**Activity**
Every word of the listing should be reproduced without alteration.

=== Provided data ===

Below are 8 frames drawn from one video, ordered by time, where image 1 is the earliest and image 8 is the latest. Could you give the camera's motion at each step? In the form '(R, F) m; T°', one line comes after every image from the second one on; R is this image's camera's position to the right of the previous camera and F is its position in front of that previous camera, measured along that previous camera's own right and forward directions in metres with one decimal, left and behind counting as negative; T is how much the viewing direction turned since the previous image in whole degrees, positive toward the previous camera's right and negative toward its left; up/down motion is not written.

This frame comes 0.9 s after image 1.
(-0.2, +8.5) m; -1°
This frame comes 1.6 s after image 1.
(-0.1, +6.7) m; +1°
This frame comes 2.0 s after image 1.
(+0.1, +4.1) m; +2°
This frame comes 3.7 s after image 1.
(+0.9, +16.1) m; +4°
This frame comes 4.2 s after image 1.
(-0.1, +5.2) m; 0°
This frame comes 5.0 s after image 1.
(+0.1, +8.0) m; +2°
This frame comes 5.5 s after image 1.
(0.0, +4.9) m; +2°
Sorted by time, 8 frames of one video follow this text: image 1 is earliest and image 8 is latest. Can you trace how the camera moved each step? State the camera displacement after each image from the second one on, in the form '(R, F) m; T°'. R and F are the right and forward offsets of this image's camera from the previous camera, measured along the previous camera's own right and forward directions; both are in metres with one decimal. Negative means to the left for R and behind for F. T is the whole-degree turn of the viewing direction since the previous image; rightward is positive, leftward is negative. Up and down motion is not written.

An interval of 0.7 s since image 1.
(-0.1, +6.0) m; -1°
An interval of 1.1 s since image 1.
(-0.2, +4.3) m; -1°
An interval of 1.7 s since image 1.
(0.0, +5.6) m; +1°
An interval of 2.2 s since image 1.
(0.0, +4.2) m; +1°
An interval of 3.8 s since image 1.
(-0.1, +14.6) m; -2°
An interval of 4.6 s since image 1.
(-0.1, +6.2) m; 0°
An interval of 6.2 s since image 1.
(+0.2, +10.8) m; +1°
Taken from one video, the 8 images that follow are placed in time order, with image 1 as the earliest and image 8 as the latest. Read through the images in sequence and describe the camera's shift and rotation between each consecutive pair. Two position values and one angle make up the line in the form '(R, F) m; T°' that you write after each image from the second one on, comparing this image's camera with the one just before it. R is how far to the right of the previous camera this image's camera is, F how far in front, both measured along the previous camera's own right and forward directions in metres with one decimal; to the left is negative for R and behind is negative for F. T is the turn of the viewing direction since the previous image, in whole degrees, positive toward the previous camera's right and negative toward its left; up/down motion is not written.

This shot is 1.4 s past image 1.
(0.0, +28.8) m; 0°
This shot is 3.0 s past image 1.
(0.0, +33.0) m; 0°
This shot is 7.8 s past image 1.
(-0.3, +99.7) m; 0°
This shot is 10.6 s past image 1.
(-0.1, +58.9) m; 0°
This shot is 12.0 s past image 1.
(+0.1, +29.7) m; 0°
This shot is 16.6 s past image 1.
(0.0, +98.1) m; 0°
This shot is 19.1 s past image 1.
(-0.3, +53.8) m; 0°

===

**Result of the exercise**
Below are 8 frames drawn from one video, ordered by time, where image 1 is the earliest and image 8 is the latest. Could you give the camera's motion at each step? In the form '(R, F) m; T°', one line comes after every image from the second one on; R is this image's camera's position to the right of the previous camera and F is its position in front of that previous camera, measured along that previous camera's own right and forward directions in metres with one decimal, left and behind counting as negative; T is how much the viewing direction turned since the previous image in whole degrees, positive toward the previous camera's right and negative toward its left; up/down motion is not written.

This frame comes 0.9 s after image 1.
(-0.2, +8.5) m; -1°
This frame comes 1.6 s after image 1.
(-0.1, +6.7) m; +1°
This frame comes 2.0 s after image 1.
(+0.1, +4.1) m; +2°
This frame comes 3.7 s after image 1.
(+0.9, +16.1) m; +4°
This frame comes 4.2 s after image 1.
(-0.1, +5.2) m; 0°
This frame comes 5.0 s after image 1.
(+0.1, +8.0) m; +2°
This frame comes 5.5 s after image 1.
(0.0, +4.9) m; +2°
Sorted by time, 8 frames of one video follow this text: image 1 is earliest and image 8 is latest. Can you trace how the camera moved each step? State the camera displacement after each image from the second one on, in the form '(R, F) m; T°'. R and F are the right and forward offsets of this image's camera from the previous camera, measured along the previous camera's own right and forward directions; both are in metres with one decimal. Negative means to the left for R and behind for F. T is the whole-degree turn of the viewing direction since the previous image; rightward is positive, leftward is negative. Up and down motion is not written.

An interval of 0.7 s since image 1.
(-0.1, +6.0) m; -1°
An interval of 1.1 s since image 1.
(-0.2, +4.3) m; -1°
An interval of 1.7 s since image 1.
(0.0, +5.6) m; +1°
An interval of 2.2 s since image 1.
(0.0, +4.2) m; +1°
An interval of 3.8 s since image 1.
(-0.1, +14.6) m; -2°
An interval of 4.6 s since image 1.
(-0.1, +6.2) m; 0°
An interval of 6.2 s since image 1.
(+0.2, +10.8) m; +1°
Taken from one video, the 8 images that follow are placed in time order, with image 1 as the earliest and image 8 as the latest. Read through the images in sequence and describe the camera's shift and rotation between each consecutive pair. Two position values and one angle make up the line in the form '(R, F) m; T°' that you write after each image from the second one on, comparing this image's camera with the one just before it. R is how far to the right of the previous camera this image's camera is, F how far in front, both measured along the previous camera's own right and forward directions in metres with one decimal; to the left is negative for R and behind is negative for F. T is the turn of the viewing direction since the previous image, in whole degrees, positive toward the previous camera's right and negative toward its left; up/down motion is not written.

This shot is 1.4 s past image 1.
(0.0, +28.8) m; 0°
This shot is 3.0 s past image 1.
(0.0, +33.0) m; 0°
This shot is 7.8 s past image 1.
(-0.3, +99.7) m; 0°
This shot is 10.6 s past image 1.
(-0.1, +58.9) m; 0°
This shot is 12.0 s past image 1.
(+0.1, +29.7) m; 0°
This shot is 16.6 s past image 1.
(0.0, +98.1) m; 0°
This shot is 19.1 s past image 1.
(-0.3, +53.8) m; 0°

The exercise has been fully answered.